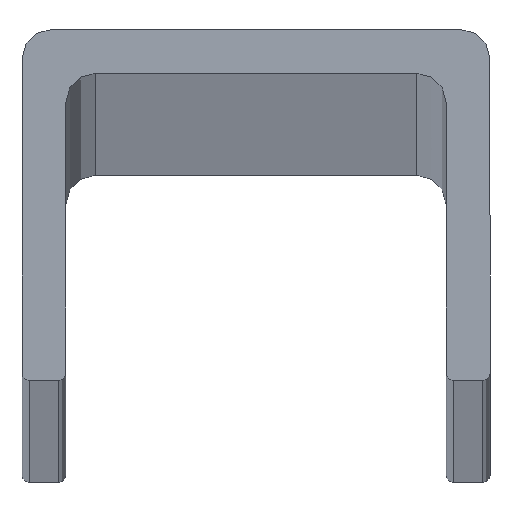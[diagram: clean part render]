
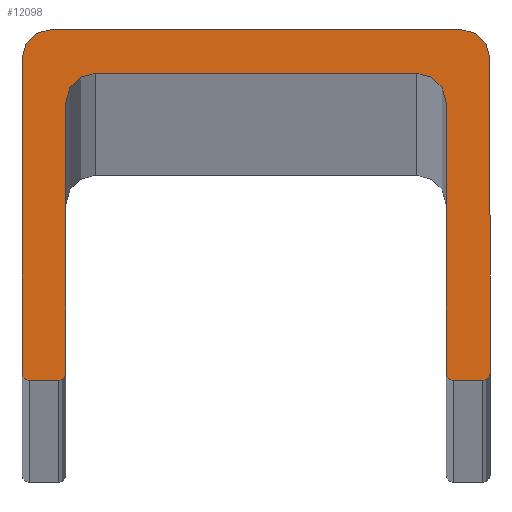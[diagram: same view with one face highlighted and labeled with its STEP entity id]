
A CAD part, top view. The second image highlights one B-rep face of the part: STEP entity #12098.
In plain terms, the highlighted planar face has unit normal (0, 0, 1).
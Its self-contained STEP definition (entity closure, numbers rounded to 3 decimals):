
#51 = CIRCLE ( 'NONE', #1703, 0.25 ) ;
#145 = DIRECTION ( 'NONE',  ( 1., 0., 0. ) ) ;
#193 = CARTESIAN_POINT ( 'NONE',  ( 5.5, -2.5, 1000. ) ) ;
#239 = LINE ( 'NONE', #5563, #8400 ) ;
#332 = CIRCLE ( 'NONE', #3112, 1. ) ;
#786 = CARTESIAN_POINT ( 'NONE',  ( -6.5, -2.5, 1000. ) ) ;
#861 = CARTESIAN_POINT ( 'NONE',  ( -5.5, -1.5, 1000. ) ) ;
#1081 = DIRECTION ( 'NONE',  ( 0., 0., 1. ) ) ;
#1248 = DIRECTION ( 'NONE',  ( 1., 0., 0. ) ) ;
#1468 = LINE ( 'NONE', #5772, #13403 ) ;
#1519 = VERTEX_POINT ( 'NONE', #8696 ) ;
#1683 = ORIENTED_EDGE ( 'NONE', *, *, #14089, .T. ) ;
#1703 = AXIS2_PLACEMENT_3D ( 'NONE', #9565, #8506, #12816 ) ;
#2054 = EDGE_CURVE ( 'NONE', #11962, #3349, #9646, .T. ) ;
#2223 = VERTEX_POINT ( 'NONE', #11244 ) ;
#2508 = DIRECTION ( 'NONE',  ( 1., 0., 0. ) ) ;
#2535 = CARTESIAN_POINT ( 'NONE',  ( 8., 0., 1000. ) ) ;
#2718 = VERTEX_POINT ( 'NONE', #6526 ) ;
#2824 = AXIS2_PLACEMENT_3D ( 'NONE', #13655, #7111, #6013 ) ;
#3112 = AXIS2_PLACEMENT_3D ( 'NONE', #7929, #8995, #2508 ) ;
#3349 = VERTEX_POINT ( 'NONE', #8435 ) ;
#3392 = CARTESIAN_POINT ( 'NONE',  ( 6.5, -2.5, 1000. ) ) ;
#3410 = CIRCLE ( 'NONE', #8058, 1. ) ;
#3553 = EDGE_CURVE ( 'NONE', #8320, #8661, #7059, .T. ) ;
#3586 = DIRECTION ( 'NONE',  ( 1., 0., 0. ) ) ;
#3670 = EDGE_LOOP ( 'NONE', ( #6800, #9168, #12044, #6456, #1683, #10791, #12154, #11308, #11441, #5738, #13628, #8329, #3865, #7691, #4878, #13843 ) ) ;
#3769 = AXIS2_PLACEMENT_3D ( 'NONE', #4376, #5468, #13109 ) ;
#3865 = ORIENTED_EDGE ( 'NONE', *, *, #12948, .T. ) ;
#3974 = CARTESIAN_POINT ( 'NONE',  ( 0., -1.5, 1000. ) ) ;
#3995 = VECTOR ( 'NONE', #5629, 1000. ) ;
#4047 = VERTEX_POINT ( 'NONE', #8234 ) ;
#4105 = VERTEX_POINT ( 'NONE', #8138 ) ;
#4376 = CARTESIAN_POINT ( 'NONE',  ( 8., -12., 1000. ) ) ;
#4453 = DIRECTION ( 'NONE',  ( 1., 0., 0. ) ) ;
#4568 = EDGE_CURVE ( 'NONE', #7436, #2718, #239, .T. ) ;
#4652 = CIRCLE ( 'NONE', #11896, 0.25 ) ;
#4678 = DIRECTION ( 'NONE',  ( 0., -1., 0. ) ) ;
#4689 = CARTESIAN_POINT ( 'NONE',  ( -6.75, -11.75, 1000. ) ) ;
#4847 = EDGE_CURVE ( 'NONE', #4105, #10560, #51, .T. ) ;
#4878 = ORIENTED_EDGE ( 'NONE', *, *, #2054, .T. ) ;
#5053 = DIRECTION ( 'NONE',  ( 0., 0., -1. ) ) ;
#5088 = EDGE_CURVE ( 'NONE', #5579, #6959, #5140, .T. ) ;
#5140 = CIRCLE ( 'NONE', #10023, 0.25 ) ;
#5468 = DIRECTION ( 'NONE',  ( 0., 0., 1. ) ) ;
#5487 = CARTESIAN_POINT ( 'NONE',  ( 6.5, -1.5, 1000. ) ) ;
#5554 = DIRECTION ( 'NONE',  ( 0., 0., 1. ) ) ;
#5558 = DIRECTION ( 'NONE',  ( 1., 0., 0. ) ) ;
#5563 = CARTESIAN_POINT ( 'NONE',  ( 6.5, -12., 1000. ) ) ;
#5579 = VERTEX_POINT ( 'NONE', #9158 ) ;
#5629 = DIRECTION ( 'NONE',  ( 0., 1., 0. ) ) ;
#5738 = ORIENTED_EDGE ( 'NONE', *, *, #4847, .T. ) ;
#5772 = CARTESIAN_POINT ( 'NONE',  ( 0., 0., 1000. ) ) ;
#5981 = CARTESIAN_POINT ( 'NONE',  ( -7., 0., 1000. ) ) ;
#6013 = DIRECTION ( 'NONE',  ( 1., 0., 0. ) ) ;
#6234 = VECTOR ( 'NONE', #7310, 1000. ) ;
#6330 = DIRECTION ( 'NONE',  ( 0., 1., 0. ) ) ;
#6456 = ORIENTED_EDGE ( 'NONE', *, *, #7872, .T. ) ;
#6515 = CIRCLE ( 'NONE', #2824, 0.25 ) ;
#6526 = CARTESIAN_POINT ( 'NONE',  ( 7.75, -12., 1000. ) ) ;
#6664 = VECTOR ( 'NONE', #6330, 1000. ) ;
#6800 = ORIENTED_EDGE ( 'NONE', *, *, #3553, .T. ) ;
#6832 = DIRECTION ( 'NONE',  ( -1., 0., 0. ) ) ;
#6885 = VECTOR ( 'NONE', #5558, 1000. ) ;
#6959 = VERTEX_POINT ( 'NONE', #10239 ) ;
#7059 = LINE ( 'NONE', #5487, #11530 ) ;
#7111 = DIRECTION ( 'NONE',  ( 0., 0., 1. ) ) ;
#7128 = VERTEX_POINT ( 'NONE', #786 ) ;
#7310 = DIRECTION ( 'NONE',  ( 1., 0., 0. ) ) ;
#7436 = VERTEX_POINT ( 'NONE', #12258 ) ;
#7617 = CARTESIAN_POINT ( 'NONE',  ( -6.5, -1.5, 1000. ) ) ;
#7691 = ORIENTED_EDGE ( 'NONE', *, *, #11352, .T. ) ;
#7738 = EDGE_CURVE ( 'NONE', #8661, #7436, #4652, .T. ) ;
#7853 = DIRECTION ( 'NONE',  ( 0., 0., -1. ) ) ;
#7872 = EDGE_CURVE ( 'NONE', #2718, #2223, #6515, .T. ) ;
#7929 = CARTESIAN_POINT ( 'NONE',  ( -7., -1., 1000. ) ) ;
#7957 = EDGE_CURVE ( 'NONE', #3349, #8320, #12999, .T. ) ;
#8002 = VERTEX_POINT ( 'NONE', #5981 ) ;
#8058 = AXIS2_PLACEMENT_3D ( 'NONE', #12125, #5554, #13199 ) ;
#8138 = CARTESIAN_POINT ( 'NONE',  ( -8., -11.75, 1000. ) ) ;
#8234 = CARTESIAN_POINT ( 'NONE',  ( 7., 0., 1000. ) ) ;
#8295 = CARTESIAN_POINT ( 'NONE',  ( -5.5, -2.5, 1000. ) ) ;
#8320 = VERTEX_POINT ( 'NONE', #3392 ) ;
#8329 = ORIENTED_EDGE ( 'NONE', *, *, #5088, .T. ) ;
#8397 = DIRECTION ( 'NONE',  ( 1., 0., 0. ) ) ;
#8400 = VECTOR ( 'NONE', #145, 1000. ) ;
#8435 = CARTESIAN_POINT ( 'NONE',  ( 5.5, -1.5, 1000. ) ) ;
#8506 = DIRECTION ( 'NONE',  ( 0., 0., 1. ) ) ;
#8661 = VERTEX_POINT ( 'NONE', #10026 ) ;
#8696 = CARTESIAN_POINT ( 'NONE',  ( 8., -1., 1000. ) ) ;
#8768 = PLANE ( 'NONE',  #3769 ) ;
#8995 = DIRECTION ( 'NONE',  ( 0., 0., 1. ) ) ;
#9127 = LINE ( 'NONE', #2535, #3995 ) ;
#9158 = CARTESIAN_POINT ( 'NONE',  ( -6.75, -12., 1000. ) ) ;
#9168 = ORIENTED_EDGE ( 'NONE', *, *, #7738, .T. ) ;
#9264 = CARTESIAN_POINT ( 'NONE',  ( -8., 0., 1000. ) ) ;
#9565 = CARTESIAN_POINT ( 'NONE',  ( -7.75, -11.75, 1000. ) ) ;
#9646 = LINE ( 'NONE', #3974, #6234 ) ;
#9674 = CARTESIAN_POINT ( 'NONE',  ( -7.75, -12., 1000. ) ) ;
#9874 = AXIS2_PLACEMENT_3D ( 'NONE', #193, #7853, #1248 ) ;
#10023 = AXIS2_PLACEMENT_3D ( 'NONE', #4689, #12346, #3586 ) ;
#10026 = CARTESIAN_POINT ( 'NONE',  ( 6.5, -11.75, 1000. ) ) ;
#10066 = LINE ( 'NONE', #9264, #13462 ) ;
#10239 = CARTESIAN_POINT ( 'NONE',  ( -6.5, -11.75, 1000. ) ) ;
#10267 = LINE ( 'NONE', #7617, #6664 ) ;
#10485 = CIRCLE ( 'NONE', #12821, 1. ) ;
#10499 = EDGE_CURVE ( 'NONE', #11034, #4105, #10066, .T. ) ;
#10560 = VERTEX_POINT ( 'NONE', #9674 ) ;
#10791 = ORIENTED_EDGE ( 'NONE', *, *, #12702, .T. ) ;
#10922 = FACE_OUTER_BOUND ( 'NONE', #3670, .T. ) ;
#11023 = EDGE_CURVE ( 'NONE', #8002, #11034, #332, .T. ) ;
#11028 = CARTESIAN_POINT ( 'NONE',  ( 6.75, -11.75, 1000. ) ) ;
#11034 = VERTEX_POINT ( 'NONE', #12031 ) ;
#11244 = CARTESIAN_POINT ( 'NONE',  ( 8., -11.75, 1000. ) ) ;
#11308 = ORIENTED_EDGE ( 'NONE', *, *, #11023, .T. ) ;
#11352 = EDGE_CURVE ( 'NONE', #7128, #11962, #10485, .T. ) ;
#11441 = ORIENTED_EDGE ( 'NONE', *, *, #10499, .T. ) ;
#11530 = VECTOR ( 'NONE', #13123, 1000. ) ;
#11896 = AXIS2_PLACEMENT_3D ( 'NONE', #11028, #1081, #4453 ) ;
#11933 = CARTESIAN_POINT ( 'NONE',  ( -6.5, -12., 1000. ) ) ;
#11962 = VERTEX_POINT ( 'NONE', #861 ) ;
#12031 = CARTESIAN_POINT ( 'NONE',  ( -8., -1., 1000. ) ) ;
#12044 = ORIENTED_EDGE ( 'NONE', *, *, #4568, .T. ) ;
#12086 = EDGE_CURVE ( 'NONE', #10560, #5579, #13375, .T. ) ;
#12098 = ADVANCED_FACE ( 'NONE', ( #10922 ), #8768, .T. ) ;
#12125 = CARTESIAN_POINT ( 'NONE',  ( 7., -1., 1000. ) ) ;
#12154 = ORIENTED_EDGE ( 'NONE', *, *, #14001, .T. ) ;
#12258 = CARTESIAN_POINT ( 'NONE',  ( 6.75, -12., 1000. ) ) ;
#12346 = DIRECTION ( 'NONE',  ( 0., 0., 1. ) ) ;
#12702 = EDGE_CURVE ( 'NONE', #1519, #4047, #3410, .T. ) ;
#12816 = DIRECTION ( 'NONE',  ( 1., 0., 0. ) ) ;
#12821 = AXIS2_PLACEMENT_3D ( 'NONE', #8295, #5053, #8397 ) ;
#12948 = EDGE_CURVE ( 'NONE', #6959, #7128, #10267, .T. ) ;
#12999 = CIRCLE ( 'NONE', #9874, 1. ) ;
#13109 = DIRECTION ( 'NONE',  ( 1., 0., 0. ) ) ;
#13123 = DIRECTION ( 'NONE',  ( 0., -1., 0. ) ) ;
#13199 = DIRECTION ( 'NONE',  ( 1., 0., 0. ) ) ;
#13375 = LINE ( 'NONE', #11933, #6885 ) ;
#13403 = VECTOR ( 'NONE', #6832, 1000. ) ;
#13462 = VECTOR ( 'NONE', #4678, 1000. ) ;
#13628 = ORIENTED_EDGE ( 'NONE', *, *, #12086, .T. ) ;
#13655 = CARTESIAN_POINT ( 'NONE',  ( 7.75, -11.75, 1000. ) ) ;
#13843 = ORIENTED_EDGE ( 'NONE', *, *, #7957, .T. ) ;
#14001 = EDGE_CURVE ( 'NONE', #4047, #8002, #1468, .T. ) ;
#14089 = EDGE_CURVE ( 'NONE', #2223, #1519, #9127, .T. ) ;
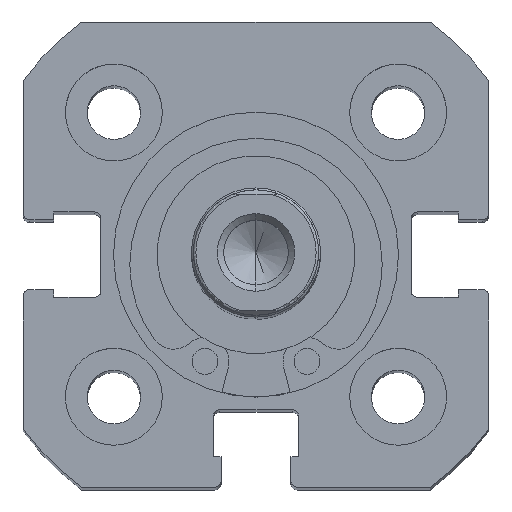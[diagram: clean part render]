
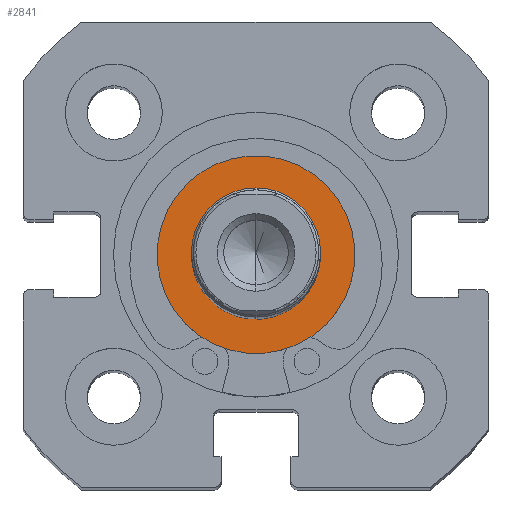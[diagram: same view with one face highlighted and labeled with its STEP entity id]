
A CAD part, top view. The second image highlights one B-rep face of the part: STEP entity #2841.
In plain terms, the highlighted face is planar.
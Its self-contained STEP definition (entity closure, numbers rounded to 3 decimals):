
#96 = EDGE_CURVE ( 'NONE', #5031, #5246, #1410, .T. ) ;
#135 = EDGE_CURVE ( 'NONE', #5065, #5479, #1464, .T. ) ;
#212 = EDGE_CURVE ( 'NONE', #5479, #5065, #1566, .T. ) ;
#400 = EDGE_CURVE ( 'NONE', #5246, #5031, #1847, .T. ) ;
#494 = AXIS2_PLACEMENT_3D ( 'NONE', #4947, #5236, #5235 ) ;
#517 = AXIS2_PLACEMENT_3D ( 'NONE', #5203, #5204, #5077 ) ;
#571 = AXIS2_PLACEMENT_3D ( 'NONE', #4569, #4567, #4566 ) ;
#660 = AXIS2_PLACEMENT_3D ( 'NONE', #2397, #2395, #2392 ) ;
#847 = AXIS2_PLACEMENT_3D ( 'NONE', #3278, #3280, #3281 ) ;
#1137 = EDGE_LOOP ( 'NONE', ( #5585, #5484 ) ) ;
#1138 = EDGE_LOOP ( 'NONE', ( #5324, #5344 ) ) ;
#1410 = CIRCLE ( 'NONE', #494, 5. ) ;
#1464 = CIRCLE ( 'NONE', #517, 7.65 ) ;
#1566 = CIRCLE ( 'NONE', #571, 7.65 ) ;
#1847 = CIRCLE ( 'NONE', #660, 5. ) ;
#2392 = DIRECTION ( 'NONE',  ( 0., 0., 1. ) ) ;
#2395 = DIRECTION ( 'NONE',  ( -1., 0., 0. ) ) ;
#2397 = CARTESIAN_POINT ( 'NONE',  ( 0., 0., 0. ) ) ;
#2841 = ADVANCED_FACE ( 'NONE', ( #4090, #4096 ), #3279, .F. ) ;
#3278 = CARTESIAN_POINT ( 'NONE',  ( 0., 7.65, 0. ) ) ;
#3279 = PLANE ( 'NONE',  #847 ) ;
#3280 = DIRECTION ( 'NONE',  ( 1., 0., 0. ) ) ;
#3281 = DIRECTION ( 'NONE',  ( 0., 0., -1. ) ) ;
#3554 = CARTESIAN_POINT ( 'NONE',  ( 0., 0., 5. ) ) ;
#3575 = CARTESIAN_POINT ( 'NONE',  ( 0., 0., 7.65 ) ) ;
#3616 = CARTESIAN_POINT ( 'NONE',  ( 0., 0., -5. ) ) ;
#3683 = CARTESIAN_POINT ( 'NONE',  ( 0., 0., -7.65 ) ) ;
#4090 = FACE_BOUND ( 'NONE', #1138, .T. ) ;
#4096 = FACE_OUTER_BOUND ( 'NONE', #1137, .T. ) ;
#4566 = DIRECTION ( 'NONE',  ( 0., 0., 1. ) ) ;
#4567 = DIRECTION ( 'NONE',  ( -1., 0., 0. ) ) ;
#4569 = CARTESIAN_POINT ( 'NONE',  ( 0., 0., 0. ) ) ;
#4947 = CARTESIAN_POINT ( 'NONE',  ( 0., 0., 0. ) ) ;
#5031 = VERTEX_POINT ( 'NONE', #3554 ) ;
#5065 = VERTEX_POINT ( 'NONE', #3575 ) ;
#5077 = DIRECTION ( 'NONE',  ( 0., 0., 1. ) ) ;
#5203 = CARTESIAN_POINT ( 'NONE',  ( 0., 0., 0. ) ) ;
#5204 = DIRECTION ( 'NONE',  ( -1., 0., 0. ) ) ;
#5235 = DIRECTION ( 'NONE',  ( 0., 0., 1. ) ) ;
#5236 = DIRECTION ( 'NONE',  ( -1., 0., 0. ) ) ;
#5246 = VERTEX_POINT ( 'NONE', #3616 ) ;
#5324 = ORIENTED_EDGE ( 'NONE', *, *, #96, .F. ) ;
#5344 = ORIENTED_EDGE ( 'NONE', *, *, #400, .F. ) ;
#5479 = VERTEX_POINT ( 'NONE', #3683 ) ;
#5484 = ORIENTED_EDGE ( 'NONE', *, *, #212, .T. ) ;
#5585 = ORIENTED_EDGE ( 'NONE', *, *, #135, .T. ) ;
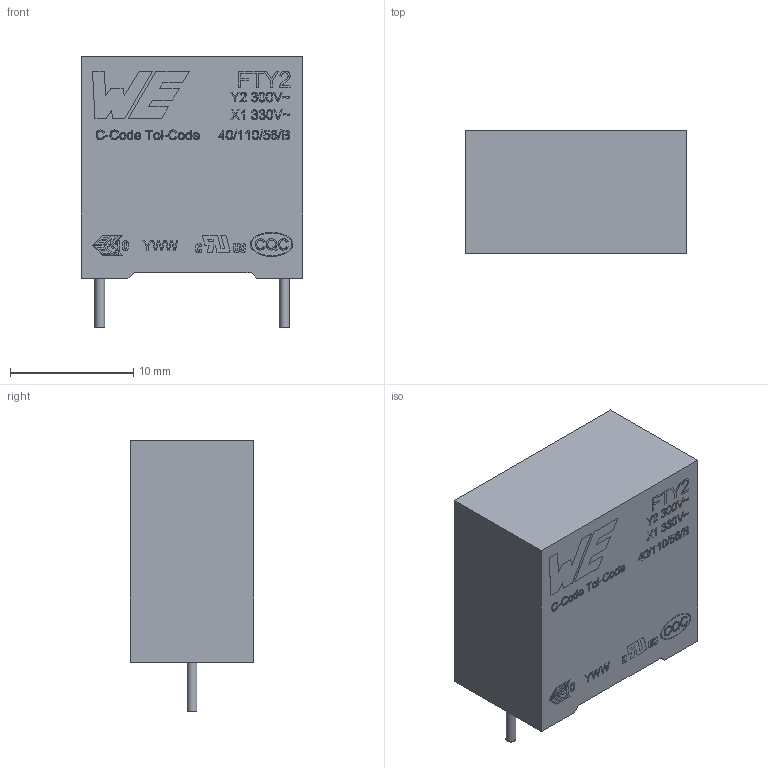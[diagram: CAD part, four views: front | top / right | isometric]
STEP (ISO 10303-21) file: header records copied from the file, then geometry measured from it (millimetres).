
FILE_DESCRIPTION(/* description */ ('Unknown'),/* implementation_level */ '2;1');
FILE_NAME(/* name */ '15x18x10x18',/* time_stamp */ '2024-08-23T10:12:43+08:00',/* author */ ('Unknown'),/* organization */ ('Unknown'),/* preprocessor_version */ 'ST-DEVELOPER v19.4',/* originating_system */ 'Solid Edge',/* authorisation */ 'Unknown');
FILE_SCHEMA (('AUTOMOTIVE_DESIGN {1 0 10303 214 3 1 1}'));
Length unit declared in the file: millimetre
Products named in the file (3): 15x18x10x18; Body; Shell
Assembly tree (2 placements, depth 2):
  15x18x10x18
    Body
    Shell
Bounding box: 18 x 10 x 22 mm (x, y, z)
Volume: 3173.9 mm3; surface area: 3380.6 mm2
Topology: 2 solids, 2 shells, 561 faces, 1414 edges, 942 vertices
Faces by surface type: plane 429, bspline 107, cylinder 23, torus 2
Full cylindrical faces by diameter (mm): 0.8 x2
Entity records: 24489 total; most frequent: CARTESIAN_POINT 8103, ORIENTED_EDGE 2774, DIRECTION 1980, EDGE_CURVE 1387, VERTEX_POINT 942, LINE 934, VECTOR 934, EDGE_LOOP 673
....
**Activity**
Only exact lines belong in the answer: those from the beginning of the entries above through the line holding "#332 = CIRCLE ( 'NONE', #3112, 1. ) ;", with no pictures.

**Result of this task**
[diagram: clean part render]
[diagram: same view with one face highlighted and labeled with its STEP entity id]
A CAD part, top view. The second image highlights one B-rep face of the part: STEP entity #12098.
In plain terms, the highlighted planar face has unit normal (0, 0, 1).
Its self-contained STEP definition (entity closure, numbers rounded to 3 decimals):
#51 = CIRCLE ( 'NONE', #1703, 0.25 ) ;
#145 = DIRECTION ( 'NONE',  ( 1., 0., 0. ) ) ;
#193 = CARTESIAN_POINT ( 'NONE',  ( 5.5, -2.5, 1000. ) ) ;
#239 = LINE ( 'NONE', #5563, #8400 ) ;
#332 = CIRCLE ( 'NONE', #3112, 1. ) ;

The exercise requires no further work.